# weber carbs on ABA



## VDUBLUVR1 (Mar 18, 2005)

I just recently got a hold of a pair of weber IDF 40s and intake manifold from a 356 engine. I want to take those manifolds and make a custom manifold to fit the ABA crossflow head. My question is; are these carbs not enough for this engine? 

thank you to anyone with helpful information


----------



## B4S (Apr 16, 2003)

IDFs won't fit the ABA, unless you cut the hood and run the stacks through it.


----------



## wantacad (Apr 4, 2003)

B4S said:


> IDFs won't fit the ABA, unless you cut the hood and run the stacks through it.


 :laugh: STACKS!!


----------



## VDUBLUVR1 (Mar 18, 2005)

*Idf+aba*

THats the plan.


----------



## DanNJ (Feb 6, 2009)

what manifold are you using? im curious about this....


----------



## VDUBLUVR1 (Mar 18, 2005)

*manifold*

Well i was gonna use a aba lower intake manifold and porsche 356 intake manifold cut the 2 where needed and weld them up.
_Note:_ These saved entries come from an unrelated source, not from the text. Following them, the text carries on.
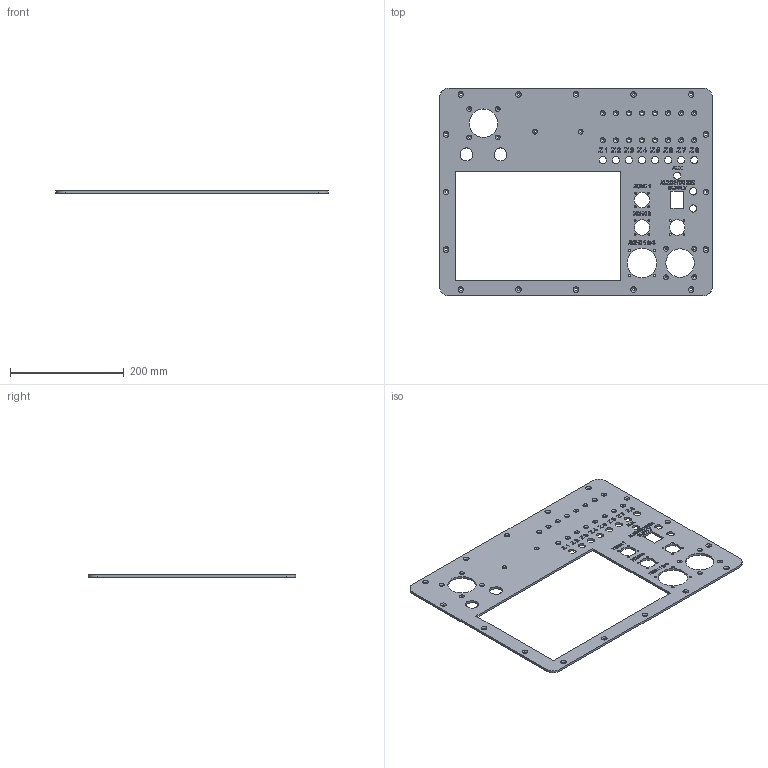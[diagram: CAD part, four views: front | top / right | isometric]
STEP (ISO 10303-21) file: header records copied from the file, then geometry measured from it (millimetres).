
FILE_DESCRIPTION(/* description */ (''),/* implementation_level */ '2;1');
FILE_NAME(/* name */ 'FAMA0034 v25.step',/* time_stamp */ '2024-04-09T14:37:08+02:00',/* author */ (''),/* organization */ (''),/* preprocessor_version */ 'ST-DEVELOPER v20',/* originating_system */ 'Autodesk Translation Framework v12.20.1.177',/* authorisation */ '');
FILE_SCHEMA (('AUTOMOTIVE_DESIGN { 1 0 10303 214 3 1 1 }'));
Length unit declared in the file: millimetre
Products named in the file (2): FAMA0034; FAMB0034
Assembly tree (1 placements, depth 2):
  FAMA0034
    FAMB0034
Bounding box: 479.7 x 365.91 x 4 mm (x, y, z)
Volume: 429715 mm3; surface area: 234901.8 mm2
Topology: 1 solids, 1 shells, 1069 faces, 2940 edges, 1946 vertices
Faces by surface type: plane 522, bspline 415, cylinder 90, cone 42
Full cylindrical faces by diameter (mm): 3.2 x12, 4 x10, 4.2 x4, 4.5 x16, 4.854 x16, 27 x3, 50 x2, 52 x1
Entity records: 37891 total; most frequent: CARTESIAN_POINT 12965, ORIENTED_EDGE 5880, DIRECTION 3662, EDGE_CURVE 2940, VERTEX_POINT 1946, LINE 1888, VECTOR 1888, EDGE_LOOP 1300
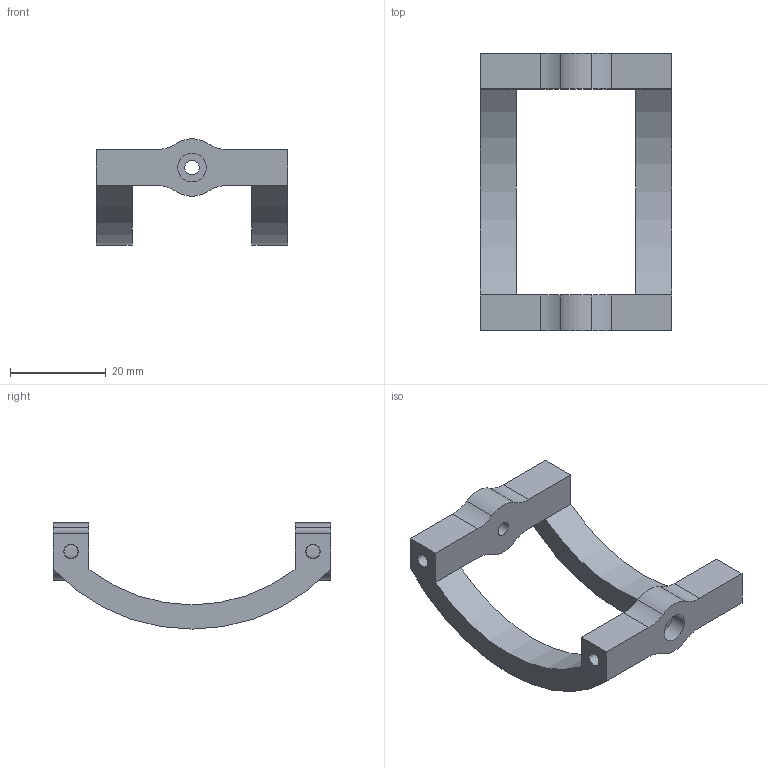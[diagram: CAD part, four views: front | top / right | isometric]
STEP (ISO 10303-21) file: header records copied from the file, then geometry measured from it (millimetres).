
FILE_DESCRIPTION(/* description */ ('STEP AP242','CAx-IF Rec.Pracs.---Representation and Presentation of Product Manufacturing Information (PMI)---4.0---2014-10-13','CAx-IF Rec.Pracs.---3D Tessellated Geometry---0.4---2014-09-14','2;1','CAx-IF Rec.Pracs.---User Defined Attributes---1.5---2016-08-15'),/* implementation_level */ '2;1');
FILE_NAME(/* name */ '69164540b78d71e52758fc0c',/* time_stamp */ '2025-11-13T20:53:21Z',/* author */ (''),/* organization */ (''),/* preprocessor_version */ 'ST-DEVELOPER v20',/* originating_system */ 'ONSHAPE BY PTC INC, 1.206',/* authorisation */ ' ');
FILE_SCHEMA (('AP242_MANAGED_MODEL_BASED_3D_ENGINEERING_MIM_LF { 1 0 10303 442 1 1 4 }'));
Length unit declared in the file: millimetre
Products named in the file (1): Front Upright
Bounding box: 40 x 58 x 22.18 mm (x, y, z)
Volume: 8556.2 mm3; surface area: 6072.3 mm2
Topology: 1 solids, 1 shells, 54 faces, 136 edges, 88 vertices
Faces by surface type: bspline 54
Entity records: 1948 total; most frequent: CARTESIAN_POINT 815, ORIENTED_EDGE 272, DIRECTION 154, EDGE_CURVE 136, VERTEX_POINT 88, LINE 72, VECTOR 72, EDGE_LOOP 64

Change of plans and now im selling the carbs and manifolds. if anyone is interested ill be posting up in classifieds.


----------



## ABA Scirocco (May 30, 2001)

That could probably be made to work but rather than an ABA lower manifold, use an MK4 lower. It's ports are much bigger, it'd make for a smoother transition to the IDF's.


----------



## VDUBLUVR1 (Mar 18, 2005)

*good idea*

You are absolutely right. I forgot about the MK4 manifold. 

thanks 
:beer::thumbup:


----------



## kweetech (Apr 20, 2001)

not an aba...but stacks:thumbup:


----------



## VDUBLUVR1 (Mar 18, 2005)

*Nice*

I seen the spread in PVW. i was at this last years H20 i didnt see the your Pickup there though. Love the truck. Is that a JH with the carbs?


----------



## ABA Scirocco (May 30, 2001)

VDUBLUVR1 said:


> Is that a JH with the carbs?


I don't think so, that engine's got an old style 1.6/1.7L head on it.


----------